• TASK INSTRUCTIONS
Go to the line below that contains "Q: How is the paragraph aligned? A: Right-aligned.". From there to the end of the records, reproduce each line exactly, except the pictures.

• RECORDS PROVIDED
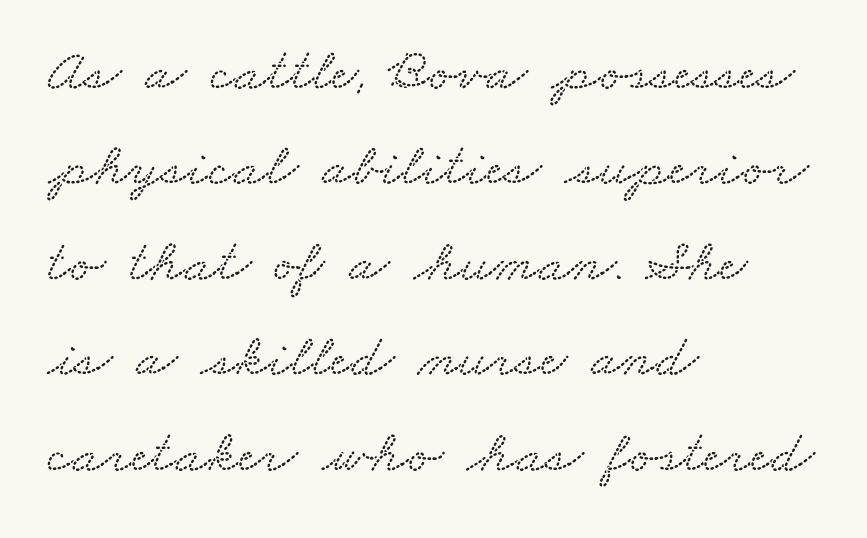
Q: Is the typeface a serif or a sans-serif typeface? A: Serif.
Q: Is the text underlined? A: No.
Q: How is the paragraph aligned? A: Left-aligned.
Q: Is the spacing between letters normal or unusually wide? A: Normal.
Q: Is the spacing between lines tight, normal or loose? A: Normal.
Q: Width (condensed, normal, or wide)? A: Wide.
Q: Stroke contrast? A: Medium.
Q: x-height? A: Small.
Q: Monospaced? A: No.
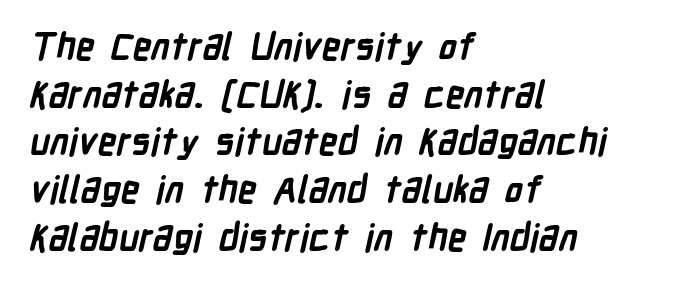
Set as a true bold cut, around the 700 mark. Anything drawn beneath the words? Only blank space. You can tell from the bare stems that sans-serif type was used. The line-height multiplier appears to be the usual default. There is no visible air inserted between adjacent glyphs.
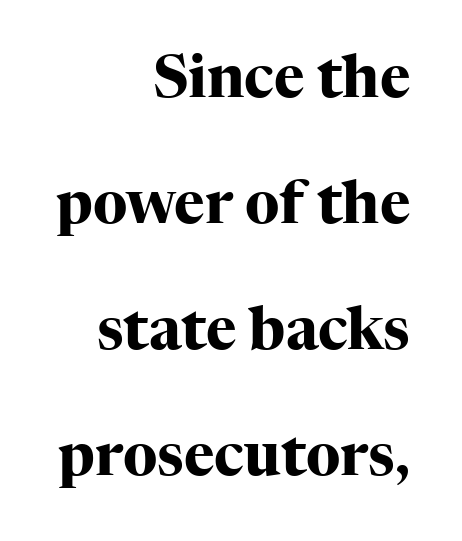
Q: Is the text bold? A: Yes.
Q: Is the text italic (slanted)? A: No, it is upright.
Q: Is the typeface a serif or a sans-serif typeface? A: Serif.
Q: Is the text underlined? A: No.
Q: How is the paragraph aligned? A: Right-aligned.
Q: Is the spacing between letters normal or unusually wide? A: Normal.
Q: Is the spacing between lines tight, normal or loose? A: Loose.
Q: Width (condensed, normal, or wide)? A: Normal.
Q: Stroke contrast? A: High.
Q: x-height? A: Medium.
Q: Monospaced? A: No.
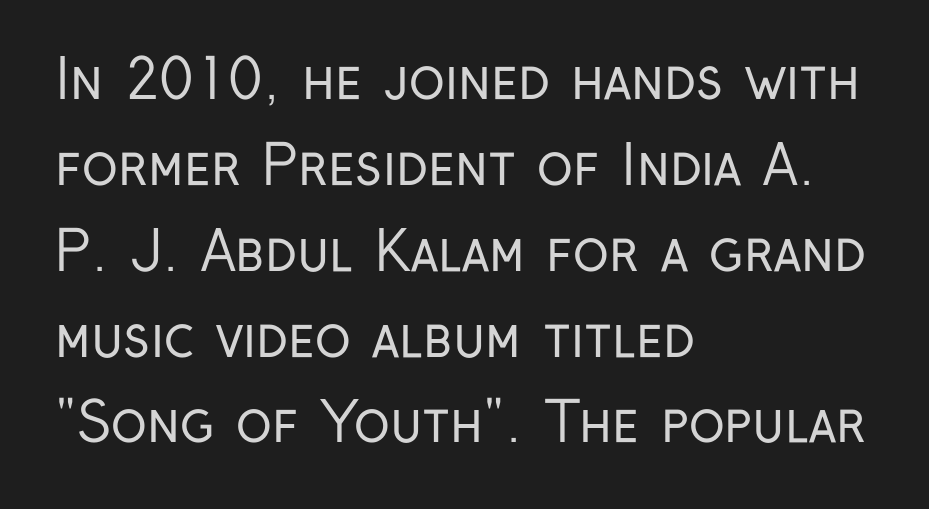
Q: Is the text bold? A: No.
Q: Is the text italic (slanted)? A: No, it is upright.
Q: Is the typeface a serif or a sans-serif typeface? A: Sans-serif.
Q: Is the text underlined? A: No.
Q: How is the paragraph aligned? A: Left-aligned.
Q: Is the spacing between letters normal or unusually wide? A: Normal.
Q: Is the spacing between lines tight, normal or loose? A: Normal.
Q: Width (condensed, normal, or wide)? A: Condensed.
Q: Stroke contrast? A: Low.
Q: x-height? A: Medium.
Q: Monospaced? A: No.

• SOLUTION TO THIS TASK
Q: How is the paragraph aligned? A: Right-aligned.
Q: Is the spacing between letters normal or unusually wide? A: Normal.
Q: Is the spacing between lines tight, normal or loose? A: Loose.
Q: Width (condensed, normal, or wide)? A: Normal.
Q: Stroke contrast? A: High.
Q: x-height? A: Medium.
Q: Monospaced? A: No.
Q: Is the text bold? A: No.
Q: Is the text italic (slanted)? A: No, it is upright.
Q: Is the typeface a serif or a sans-serif typeface? A: Sans-serif.
Q: Is the text underlined? A: No.
Q: How is the paragraph aligned? A: Left-aligned.
Q: Is the spacing between letters normal or unusually wide? A: Normal.
Q: Is the spacing between lines tight, normal or loose? A: Normal.
Q: Width (condensed, normal, or wide)? A: Condensed.
Q: Stroke contrast? A: Low.
Q: x-height? A: Medium.
Q: Monospaced? A: No.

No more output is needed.